Extracted material ->
[Start of Attachment]
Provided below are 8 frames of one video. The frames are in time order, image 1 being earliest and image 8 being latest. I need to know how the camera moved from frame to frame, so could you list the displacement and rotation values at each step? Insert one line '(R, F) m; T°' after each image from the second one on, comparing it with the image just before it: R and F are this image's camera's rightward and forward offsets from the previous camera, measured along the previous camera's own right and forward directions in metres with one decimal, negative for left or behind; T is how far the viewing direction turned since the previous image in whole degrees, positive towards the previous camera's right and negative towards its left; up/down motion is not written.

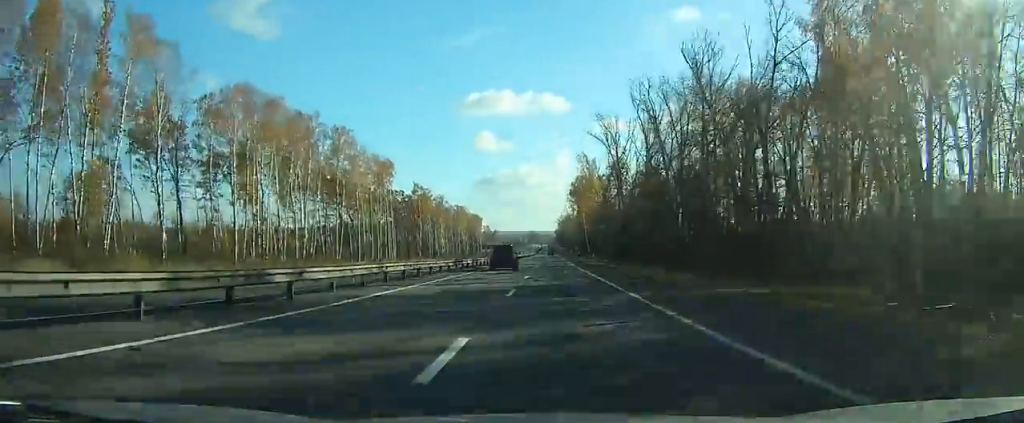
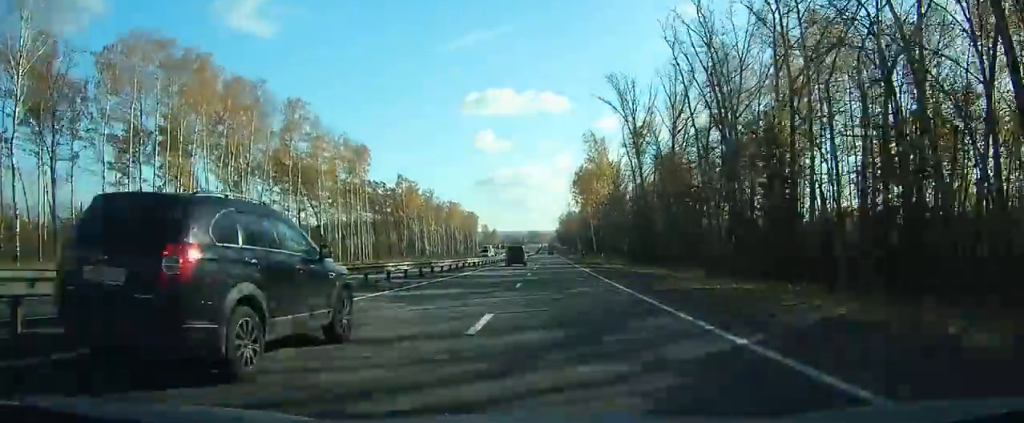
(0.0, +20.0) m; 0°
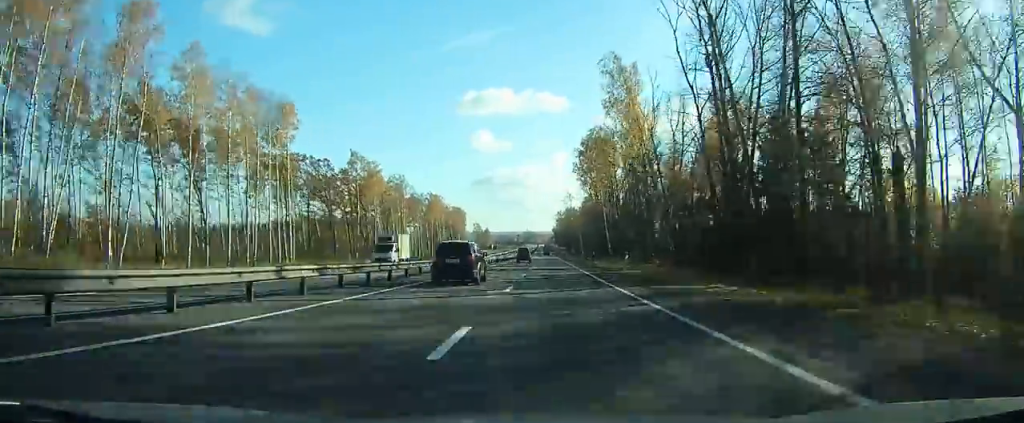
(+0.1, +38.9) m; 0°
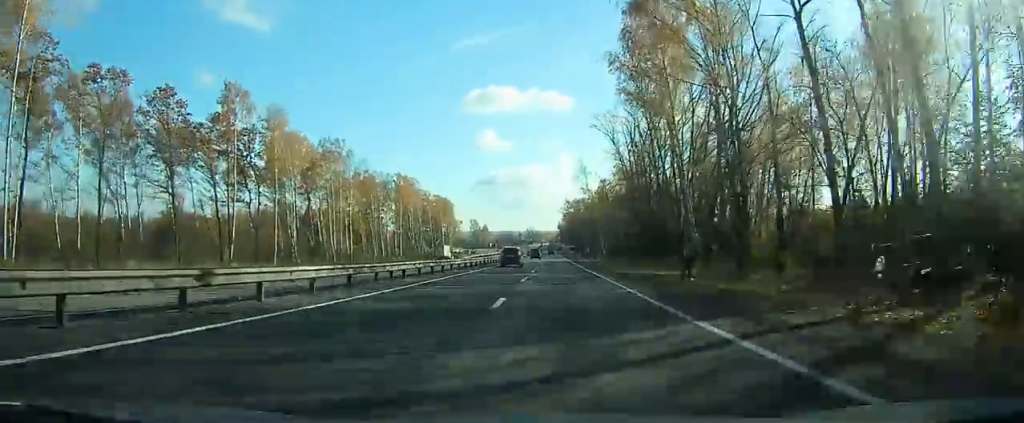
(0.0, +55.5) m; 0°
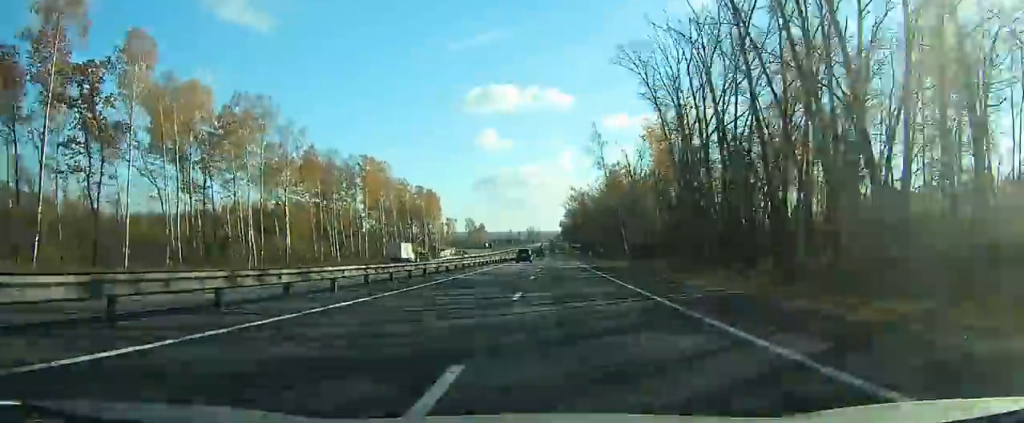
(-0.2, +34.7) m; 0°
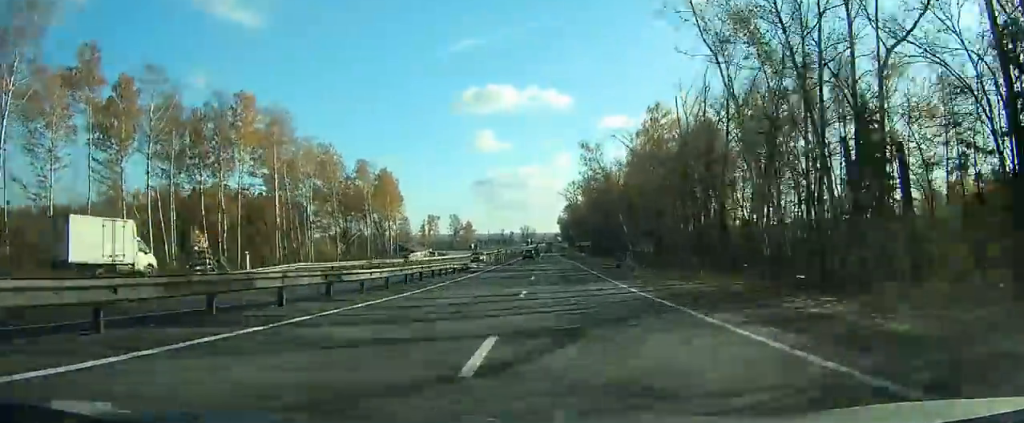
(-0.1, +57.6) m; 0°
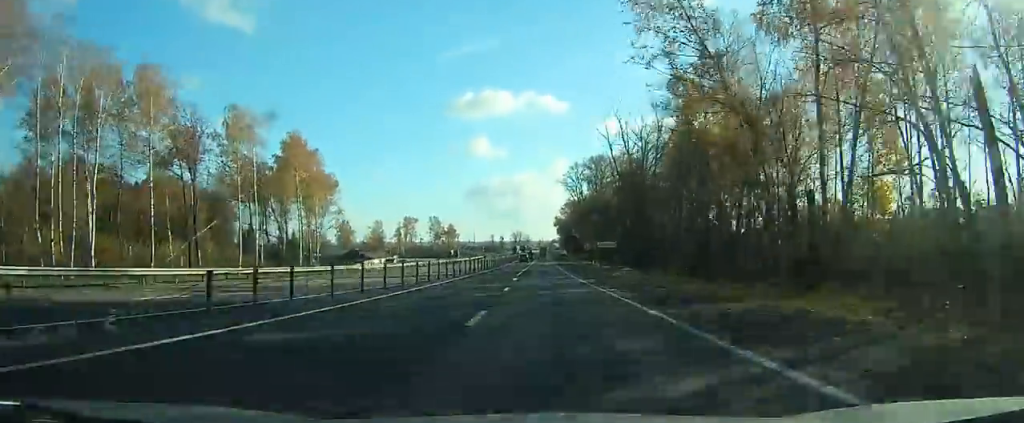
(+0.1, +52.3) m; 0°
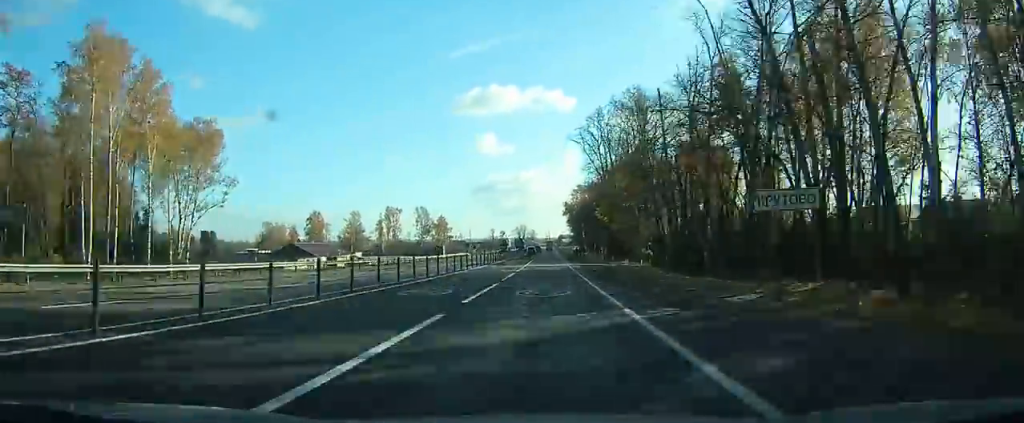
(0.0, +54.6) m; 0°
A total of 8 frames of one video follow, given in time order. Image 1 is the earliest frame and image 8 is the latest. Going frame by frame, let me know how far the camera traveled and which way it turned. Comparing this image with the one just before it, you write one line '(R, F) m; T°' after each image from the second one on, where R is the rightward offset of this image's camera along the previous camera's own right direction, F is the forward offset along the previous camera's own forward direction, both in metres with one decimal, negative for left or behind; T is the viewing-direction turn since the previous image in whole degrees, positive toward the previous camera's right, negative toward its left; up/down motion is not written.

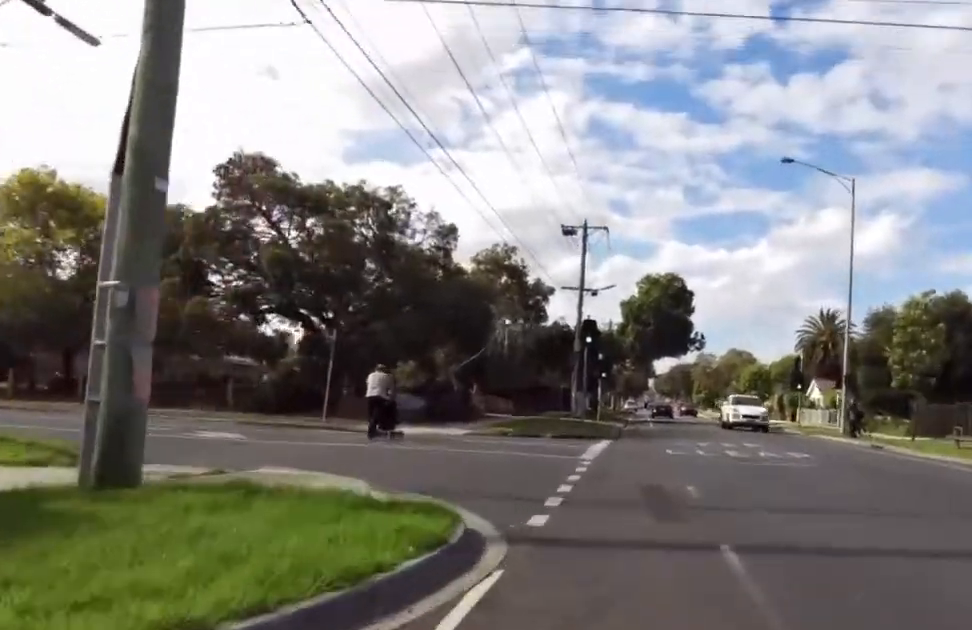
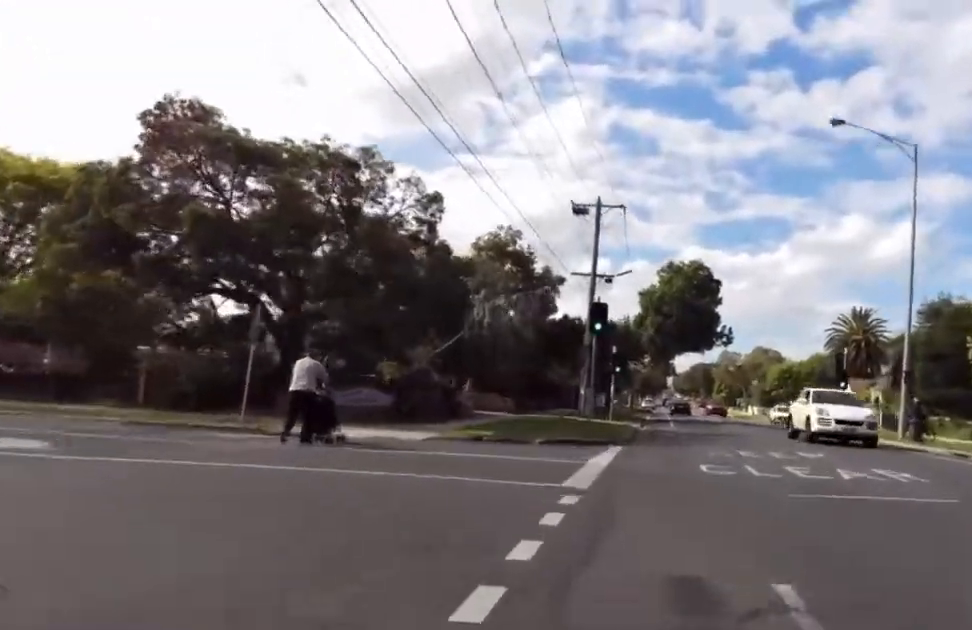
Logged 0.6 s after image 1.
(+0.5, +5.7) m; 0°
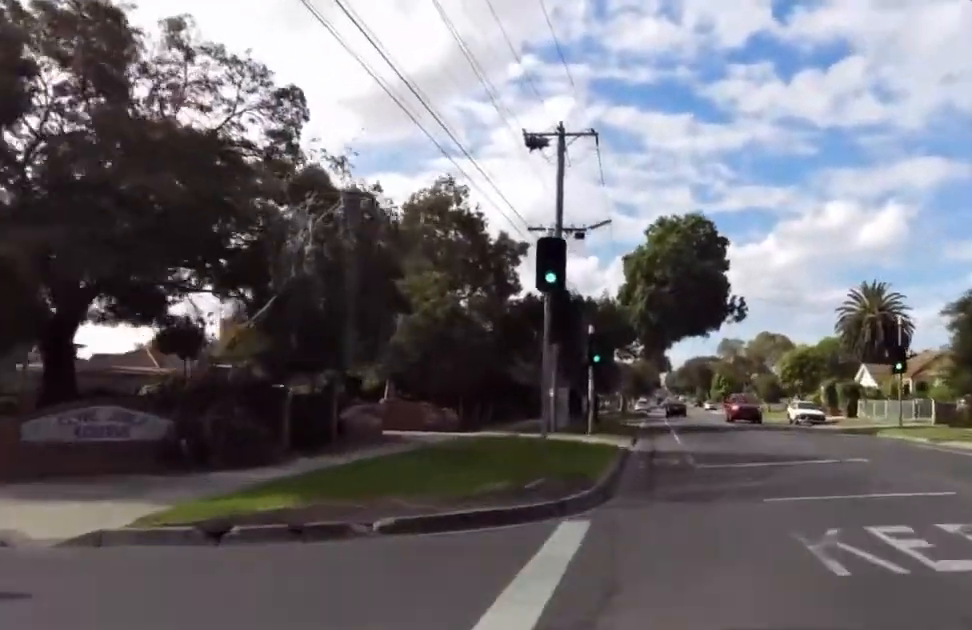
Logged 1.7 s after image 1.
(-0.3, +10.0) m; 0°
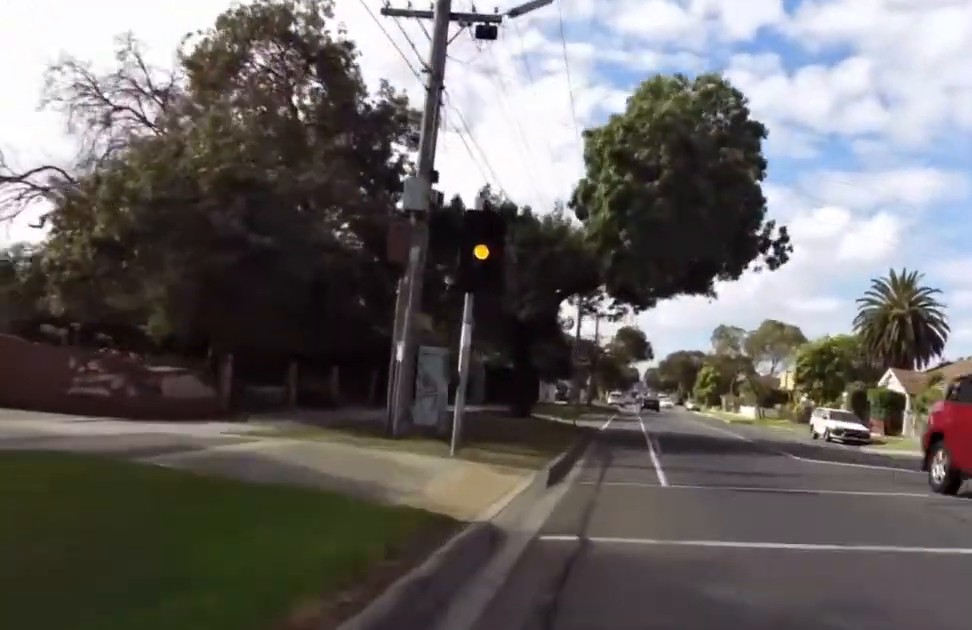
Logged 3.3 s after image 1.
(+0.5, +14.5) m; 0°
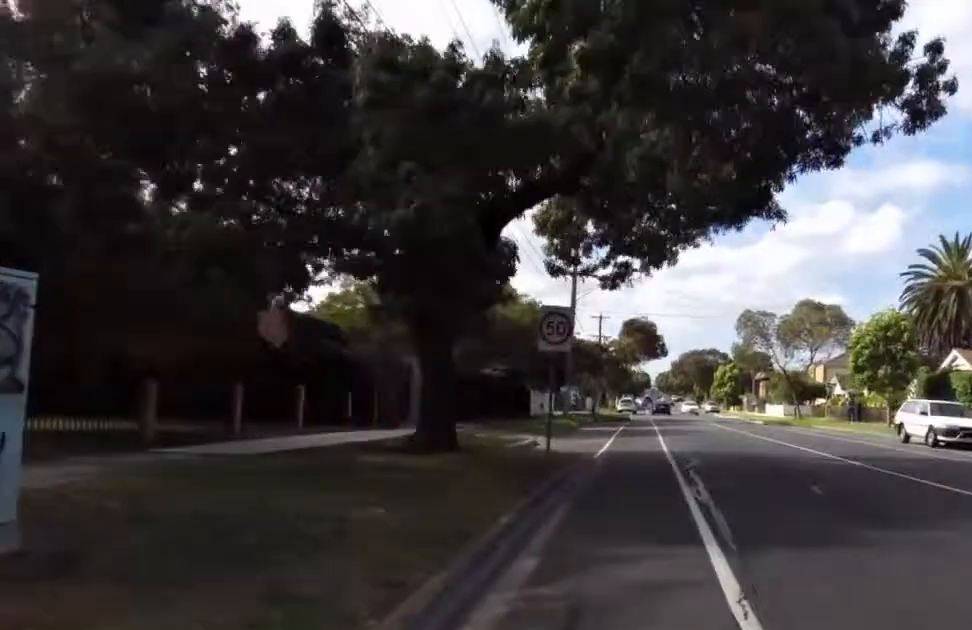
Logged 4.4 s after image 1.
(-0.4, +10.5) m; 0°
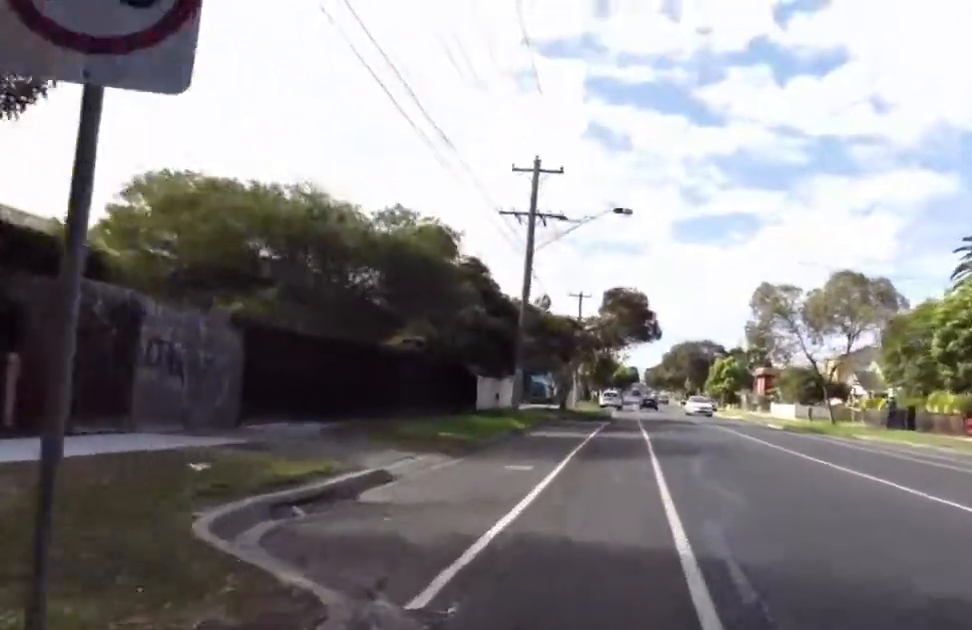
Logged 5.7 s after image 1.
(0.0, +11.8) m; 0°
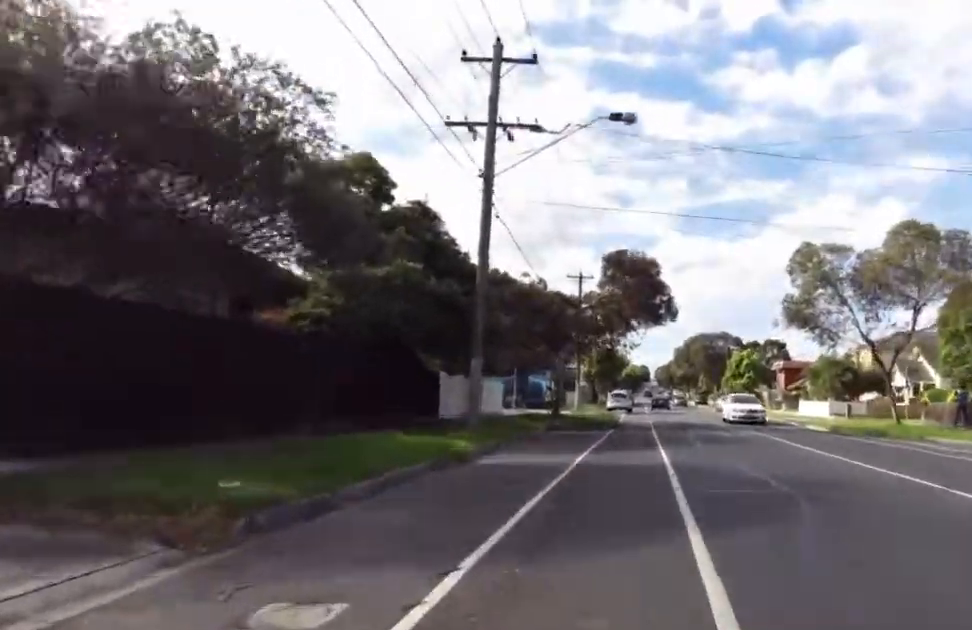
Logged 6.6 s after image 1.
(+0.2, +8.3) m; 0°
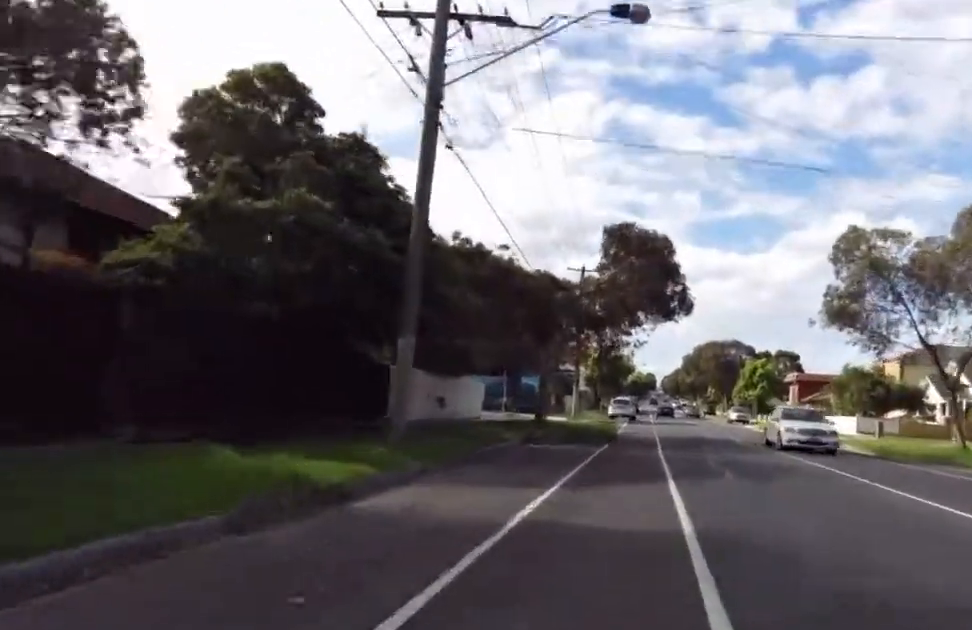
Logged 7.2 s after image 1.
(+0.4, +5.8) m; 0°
[End of Attachment]
What you need to do -> Without the pictures, give every line above again exactly.

Task response ->
Provided below are 8 frames of one video. The frames are in time order, image 1 being earliest and image 8 being latest. I need to know how the camera moved from frame to frame, so could you list the displacement and rotation values at each step? Insert one line '(R, F) m; T°' after each image from the second one on, comparing it with the image just before it: R and F are this image's camera's rightward and forward offsets from the previous camera, measured along the previous camera's own right and forward directions in metres with one decimal, negative for left or behind; T is how far the viewing direction turned since the previous image in whole degrees, positive towards the previous camera's right and negative towards its left; up/down motion is not written.

(0.0, +20.0) m; 0°
(+0.1, +38.9) m; 0°
(0.0, +55.5) m; 0°
(-0.2, +34.7) m; 0°
(-0.1, +57.6) m; 0°
(+0.1, +52.3) m; 0°
(0.0, +54.6) m; 0°
A total of 8 frames of one video follow, given in time order. Image 1 is the earliest frame and image 8 is the latest. Going frame by frame, let me know how far the camera traveled and which way it turned. Comparing this image with the one just before it, you write one line '(R, F) m; T°' after each image from the second one on, where R is the rightward offset of this image's camera along the previous camera's own right direction, F is the forward offset along the previous camera's own forward direction, both in metres with one decimal, negative for left or behind; T is the viewing-direction turn since the previous image in whole degrees, positive toward the previous camera's right, negative toward its left; up/down motion is not written.

Logged 0.6 s after image 1.
(+0.5, +5.7) m; 0°
Logged 1.7 s after image 1.
(-0.3, +10.0) m; 0°
Logged 3.3 s after image 1.
(+0.5, +14.5) m; 0°
Logged 4.4 s after image 1.
(-0.4, +10.5) m; 0°
Logged 5.7 s after image 1.
(0.0, +11.8) m; 0°
Logged 6.6 s after image 1.
(+0.2, +8.3) m; 0°
Logged 7.2 s after image 1.
(+0.4, +5.8) m; 0°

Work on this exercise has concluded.